YOUR INSTRUCTIONS :: Retrieve all lines below that have the string "plain".

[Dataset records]

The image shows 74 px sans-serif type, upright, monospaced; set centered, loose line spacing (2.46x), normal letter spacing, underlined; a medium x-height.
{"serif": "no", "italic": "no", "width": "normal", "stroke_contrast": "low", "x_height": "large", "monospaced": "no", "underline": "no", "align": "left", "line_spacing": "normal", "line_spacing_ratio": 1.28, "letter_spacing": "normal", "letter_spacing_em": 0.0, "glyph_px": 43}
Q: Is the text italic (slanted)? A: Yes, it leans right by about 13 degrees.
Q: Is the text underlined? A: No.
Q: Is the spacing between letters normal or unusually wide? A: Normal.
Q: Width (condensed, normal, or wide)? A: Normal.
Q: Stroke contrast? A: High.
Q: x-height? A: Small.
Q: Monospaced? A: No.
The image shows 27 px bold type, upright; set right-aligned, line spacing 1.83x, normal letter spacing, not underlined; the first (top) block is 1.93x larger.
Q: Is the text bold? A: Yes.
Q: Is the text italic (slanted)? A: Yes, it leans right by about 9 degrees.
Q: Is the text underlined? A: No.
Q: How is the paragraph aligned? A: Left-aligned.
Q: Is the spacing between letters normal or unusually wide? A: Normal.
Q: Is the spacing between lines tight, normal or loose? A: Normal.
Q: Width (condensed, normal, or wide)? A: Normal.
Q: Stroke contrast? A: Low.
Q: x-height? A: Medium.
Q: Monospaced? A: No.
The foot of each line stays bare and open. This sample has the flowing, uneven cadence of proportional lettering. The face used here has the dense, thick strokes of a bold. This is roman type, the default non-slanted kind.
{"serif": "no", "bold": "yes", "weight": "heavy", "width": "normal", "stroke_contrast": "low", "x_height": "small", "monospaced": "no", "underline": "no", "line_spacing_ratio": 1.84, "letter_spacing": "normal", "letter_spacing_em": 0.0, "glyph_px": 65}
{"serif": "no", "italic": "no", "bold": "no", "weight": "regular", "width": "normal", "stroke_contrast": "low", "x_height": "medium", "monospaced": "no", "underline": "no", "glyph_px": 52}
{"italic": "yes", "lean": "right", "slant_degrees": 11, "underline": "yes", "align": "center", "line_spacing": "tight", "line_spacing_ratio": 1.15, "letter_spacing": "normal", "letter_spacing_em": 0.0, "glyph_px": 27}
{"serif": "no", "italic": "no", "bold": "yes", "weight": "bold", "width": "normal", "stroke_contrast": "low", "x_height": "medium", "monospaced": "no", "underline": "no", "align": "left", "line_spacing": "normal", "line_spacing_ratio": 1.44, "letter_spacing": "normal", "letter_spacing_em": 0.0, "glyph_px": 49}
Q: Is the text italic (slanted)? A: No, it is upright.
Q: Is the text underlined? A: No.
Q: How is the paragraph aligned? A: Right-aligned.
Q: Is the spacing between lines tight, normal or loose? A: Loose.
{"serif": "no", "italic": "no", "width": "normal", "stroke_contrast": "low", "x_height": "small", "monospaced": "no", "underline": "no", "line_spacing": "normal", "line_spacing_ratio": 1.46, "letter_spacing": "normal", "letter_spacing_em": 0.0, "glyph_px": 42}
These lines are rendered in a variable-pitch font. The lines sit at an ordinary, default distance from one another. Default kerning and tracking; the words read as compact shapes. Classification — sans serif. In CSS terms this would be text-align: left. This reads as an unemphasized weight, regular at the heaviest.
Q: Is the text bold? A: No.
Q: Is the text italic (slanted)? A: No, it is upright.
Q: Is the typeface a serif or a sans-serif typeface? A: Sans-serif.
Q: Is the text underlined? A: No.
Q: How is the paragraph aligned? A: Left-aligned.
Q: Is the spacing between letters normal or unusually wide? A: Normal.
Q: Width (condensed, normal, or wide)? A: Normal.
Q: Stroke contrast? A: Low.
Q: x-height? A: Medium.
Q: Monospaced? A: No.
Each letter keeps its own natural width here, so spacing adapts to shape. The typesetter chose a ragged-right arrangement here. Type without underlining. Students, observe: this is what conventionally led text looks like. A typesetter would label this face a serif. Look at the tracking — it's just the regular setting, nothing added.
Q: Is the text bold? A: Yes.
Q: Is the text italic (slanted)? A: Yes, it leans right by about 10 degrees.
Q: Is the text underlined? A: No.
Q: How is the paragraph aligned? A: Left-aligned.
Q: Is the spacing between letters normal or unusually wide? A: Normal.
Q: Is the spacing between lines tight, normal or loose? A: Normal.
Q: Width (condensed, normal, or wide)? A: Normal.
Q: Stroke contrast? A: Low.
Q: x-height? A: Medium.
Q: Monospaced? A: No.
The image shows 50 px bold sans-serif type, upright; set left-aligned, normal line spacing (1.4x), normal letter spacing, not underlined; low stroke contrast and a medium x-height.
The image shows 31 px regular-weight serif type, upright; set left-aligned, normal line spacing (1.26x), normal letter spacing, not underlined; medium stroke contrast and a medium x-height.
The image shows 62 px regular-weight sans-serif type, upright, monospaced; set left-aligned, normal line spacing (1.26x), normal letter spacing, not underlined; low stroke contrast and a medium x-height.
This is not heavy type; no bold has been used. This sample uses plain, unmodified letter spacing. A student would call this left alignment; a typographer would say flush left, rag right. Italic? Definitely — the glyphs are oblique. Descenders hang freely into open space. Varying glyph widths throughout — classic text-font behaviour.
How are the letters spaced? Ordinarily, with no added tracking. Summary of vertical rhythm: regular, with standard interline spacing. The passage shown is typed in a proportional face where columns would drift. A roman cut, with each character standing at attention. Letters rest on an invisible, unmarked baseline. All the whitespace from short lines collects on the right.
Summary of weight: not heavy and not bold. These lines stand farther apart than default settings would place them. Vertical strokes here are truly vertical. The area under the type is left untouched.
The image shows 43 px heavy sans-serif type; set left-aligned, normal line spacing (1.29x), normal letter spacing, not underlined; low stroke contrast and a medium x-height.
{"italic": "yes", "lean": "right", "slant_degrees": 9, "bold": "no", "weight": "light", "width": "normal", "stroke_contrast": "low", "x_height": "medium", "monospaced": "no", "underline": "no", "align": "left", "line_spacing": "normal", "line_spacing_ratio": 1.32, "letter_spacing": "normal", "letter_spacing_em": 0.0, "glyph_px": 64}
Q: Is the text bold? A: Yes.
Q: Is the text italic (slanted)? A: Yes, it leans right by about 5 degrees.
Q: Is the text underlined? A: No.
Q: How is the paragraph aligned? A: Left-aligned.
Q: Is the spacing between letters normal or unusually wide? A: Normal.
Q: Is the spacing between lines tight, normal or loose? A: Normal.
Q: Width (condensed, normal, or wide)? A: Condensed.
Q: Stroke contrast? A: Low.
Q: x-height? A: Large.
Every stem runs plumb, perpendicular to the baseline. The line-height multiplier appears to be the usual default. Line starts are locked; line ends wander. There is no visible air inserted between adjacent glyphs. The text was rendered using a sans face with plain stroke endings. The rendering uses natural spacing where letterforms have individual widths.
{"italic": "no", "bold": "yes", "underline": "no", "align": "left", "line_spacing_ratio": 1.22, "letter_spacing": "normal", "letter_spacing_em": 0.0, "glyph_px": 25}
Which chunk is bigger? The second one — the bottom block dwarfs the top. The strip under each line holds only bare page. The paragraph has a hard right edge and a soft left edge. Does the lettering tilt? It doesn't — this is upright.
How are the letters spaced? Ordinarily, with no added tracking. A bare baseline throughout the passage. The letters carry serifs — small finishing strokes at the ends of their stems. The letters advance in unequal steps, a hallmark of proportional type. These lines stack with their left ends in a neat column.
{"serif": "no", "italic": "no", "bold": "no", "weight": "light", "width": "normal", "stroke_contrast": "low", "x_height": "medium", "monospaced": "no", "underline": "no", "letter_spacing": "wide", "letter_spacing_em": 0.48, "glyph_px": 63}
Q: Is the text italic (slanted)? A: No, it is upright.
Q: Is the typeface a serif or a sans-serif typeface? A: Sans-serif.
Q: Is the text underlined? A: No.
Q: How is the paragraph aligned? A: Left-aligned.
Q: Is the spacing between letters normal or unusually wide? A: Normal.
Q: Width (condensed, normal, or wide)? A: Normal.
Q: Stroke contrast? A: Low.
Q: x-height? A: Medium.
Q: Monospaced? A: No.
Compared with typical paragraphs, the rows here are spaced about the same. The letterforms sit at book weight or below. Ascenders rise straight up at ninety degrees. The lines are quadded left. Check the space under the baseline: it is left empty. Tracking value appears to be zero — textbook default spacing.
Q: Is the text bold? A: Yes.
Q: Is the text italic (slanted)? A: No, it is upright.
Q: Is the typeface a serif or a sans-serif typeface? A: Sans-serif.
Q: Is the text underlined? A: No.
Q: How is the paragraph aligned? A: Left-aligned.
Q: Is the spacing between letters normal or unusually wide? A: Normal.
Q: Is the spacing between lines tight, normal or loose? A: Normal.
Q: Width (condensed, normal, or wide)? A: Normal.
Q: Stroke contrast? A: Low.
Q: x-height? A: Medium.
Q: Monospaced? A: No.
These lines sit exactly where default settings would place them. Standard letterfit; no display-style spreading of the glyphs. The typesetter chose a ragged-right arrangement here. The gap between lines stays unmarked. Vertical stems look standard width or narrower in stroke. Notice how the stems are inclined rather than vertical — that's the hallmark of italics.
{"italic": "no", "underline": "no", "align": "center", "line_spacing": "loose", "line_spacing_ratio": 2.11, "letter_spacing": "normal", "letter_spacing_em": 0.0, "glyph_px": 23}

RESPONSE TO THE EXERCISE ::
This is not heavy type; no bold has been used. This sample uses plain, unmodified letter spacing. A student would call this left alignment; a typographer would say flush left, rag right. Italic? Definitely — the glyphs are oblique. Descenders hang freely into open space. Varying glyph widths throughout — classic text-font behaviour.
Every stem runs plumb, perpendicular to the baseline. The line-height multiplier appears to be the usual default. Line starts are locked; line ends wander. There is no visible air inserted between adjacent glyphs. The text was rendered using a sans face with plain stroke endings. The rendering uses natural spacing where letterforms have individual widths.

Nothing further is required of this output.